By Wayan Vota on October 31, 2024

kozma test agi

In 1950, Alan Turing famously proposed the “Turing Test” to measure machine intelligence. If a machine could engage in a conversation indistinguishable from a human, it could be said to possess intelligence. This test sparked decades of research in artificial intelligence (AI), but in 2024, it feels incomplete.

Today’s AI has achieved remarkable feats in machine learning, natural language processing, and pattern recognition, but these victories—while impressive—do little to address humanity’s biggest problems. It is not enough that AI can talk, paint, or play chess better than us. So what? The real test for Artificial General Intelligence (AGI) should be more profound and significantly impact the human existence.

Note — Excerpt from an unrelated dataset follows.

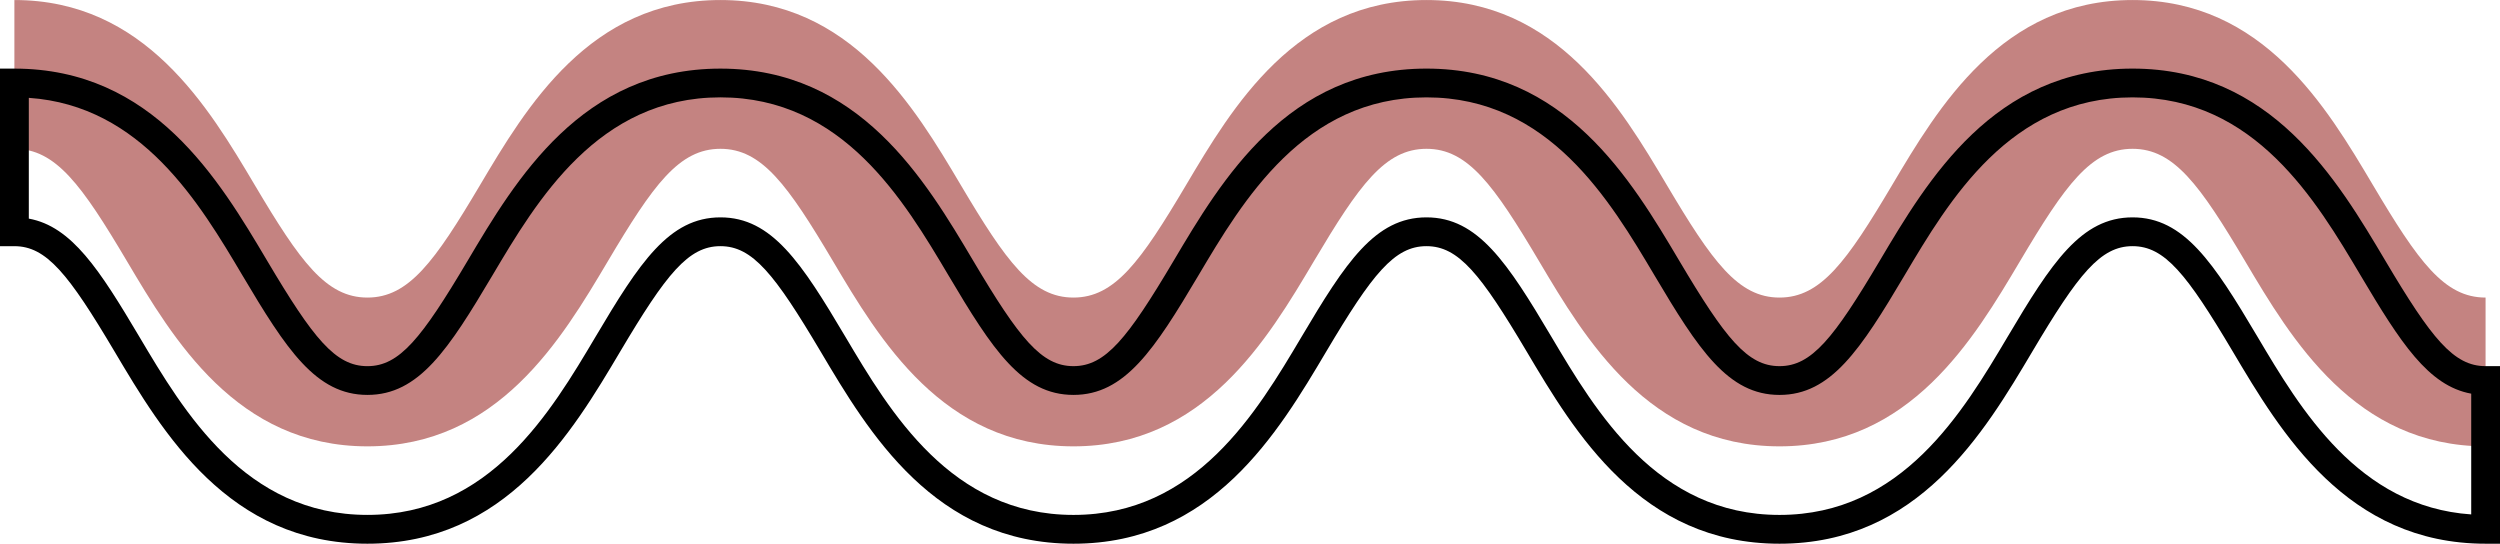 <?xml version="1.0" encoding="UTF-8"?><svg xmlns="http://www.w3.org/2000/svg" xmlns:xlink="http://www.w3.org/1999/xlink" height="339.6" preserveAspectRatio="xMidYMid meet" version="1.0" viewBox="219.3 830.2 1561.4 339.6" width="1561.4" zoomAndPan="magnify"><g><g><g id="change1_1"><path d="M1771.71,1108.97c-81.58,0-121.25-66.85-150.21-115.67c-28.3-47.69-44.45-70.16-70.29-70.16 s-42,22.47-70.29,70.16c-28.96,48.82-68.62,115.67-150.21,115.67c-81.58,0-121.24-66.85-150.2-115.67 c-28.29-47.69-44.45-70.16-70.29-70.16c-25.84,0-41.99,22.47-70.29,70.16c-28.96,48.82-68.62,115.67-150.2,115.67 c-81.58,0-121.24-66.86-150.2-115.67c-28.29-47.69-44.45-70.16-70.28-70.16c-25.84,0-41.99,22.47-70.28,70.16 c-28.96,48.82-68.62,115.67-150.2,115.67c-81.58,0-121.24-66.86-150.2-115.67c-28.29-47.69-44.45-70.16-70.29-70.16v-92.92 c81.58,0,121.24,66.86,150.2,115.67c28.29,47.69,44.45,70.16,70.29,70.16c25.83,0,41.99-22.47,70.28-70.16 c28.96-48.82,68.62-115.67,150.2-115.67c81.58,0,121.24,66.86,150.19,115.67c28.29,47.69,44.45,70.16,70.28,70.16 c25.84,0,41.99-22.47,70.28-70.16c28.96-48.82,68.62-115.67,150.2-115.67c81.58,0,121.24,66.85,150.2,115.67 c28.29,47.69,44.45,70.16,70.29,70.16c25.84,0,42-22.47,70.29-70.16c28.96-48.82,68.62-115.67,150.21-115.67 s121.25,66.85,150.21,115.67c28.3,47.69,44.45,70.16,70.29,70.16V1108.97z" fill="#c48381"/></g></g><g><g id="change2_1"><path d="M1780.7,1169.78h-8.99c-86.7,0-127.88-69.4-157.94-120.08c-28.79-48.53-42.57-65.76-62.56-65.76 s-33.77,17.23-62.56,65.76c-30.06,50.68-71.24,120.08-157.94,120.08c-86.7,0-127.87-69.4-157.94-120.08 c-28.79-48.53-42.57-65.76-62.56-65.76c-19.99,0-33.76,17.23-62.55,65.76c-30.06,50.68-71.23,120.08-157.93,120.08 s-127.87-69.4-157.93-120.08c-28.79-48.53-42.56-65.76-62.55-65.76c-19.99,0-33.76,17.23-62.55,65.76 c-30.06,50.68-71.24,120.08-157.93,120.08c-86.7,0-127.87-69.4-157.93-120.07c-28.79-48.53-42.57-65.76-62.55-65.76h-8.99v-110.9 h8.99c86.7,0,127.87,69.4,157.93,120.08c28.79,48.53,42.57,65.76,62.55,65.76c19.99,0,33.76-17.23,62.55-65.76 c30.06-50.68,71.23-120.08,157.93-120.08c86.69,0,127.86,69.4,157.93,120.07c28.79,48.53,42.57,65.76,62.55,65.76 c19.99,0,33.76-17.23,62.55-65.76c30.06-50.68,71.23-120.08,157.93-120.08c86.7,0,127.87,69.4,157.94,120.08 c28.79,48.53,42.57,65.76,62.56,65.76c19.99,0,33.77-17.23,62.56-65.76c30.06-50.68,71.23-120.08,157.94-120.08 c86.7,0,127.88,69.4,157.94,120.08c28.79,48.53,42.57,65.76,62.56,65.76h8.99V1169.78z M1110.22,965.96 c32.15,0,50.6,28.33,78.02,74.57c27.86,46.96,66.01,111.27,142.47,111.27c76.46,0,114.62-64.31,142.47-111.27 c27.43-46.23,45.87-74.57,78.03-74.57s50.6,28.33,78.03,74.57c26.74,45.08,62.97,106.15,133.48,110.96v-75.42 c-26.83-4.87-44.27-32.03-69.04-73.78c-27.86-46.96-66.01-111.27-142.47-111.27c-76.46,0-114.62,64.31-142.47,111.27 c-27.43,46.23-45.87,74.57-78.03,74.57c-32.15,0-50.6-28.33-78.02-74.57c-27.86-46.96-66.01-111.27-142.47-111.27 c-76.46,0-114.61,64.31-142.46,111.26c-27.43,46.24-45.87,74.57-78.02,74.57c-32.15,0-50.59-28.33-78.01-74.57 c-27.86-46.96-66.01-111.27-142.46-111.27c-76.46,0-114.61,64.31-142.46,111.27c-27.43,46.23-45.87,74.57-78.02,74.57 c-32.15,0-50.59-28.33-78.02-74.57c-26.74-45.08-62.97-106.15-133.47-110.96v75.42c26.82,4.88,44.26,32.03,69.03,73.78 c27.86,46.96,66.01,111.27,142.47,111.27c76.46,0,114.61-64.31,142.46-111.26c27.43-46.24,45.87-74.57,78.02-74.57 c32.15,0,50.59,28.33,78.01,74.57c27.86,46.96,66.01,111.27,142.46,111.27s114.61-64.31,142.46-111.26 C1059.62,994.29,1078.06,965.96,1110.22,965.96z"/></g></g></g></svg>

Robert Kozma, a visionary I am humbled to call a friend, poses an intriguing idea in his LinkedIn article: Why not use the challenge of ending poverty as a litmus test for AGI? Inspired by his bold proposition, I propose a new “Kozma Test for AGI”:

We have achieved true AGI when an AI system can devise solutions that significantly reduce or end poverty—something that we, as humans, have yet to accomplish despite centuries of effort.

AGI and Global Poverty

Artificial General Intelligence (AGI) refers to AI systems that can understand, learn, and apply knowledge in a generalized way, just like humans. Turing’s original test was a product of its time, focused on language and interaction because those were the benchmarks of intelligence during the 20th century.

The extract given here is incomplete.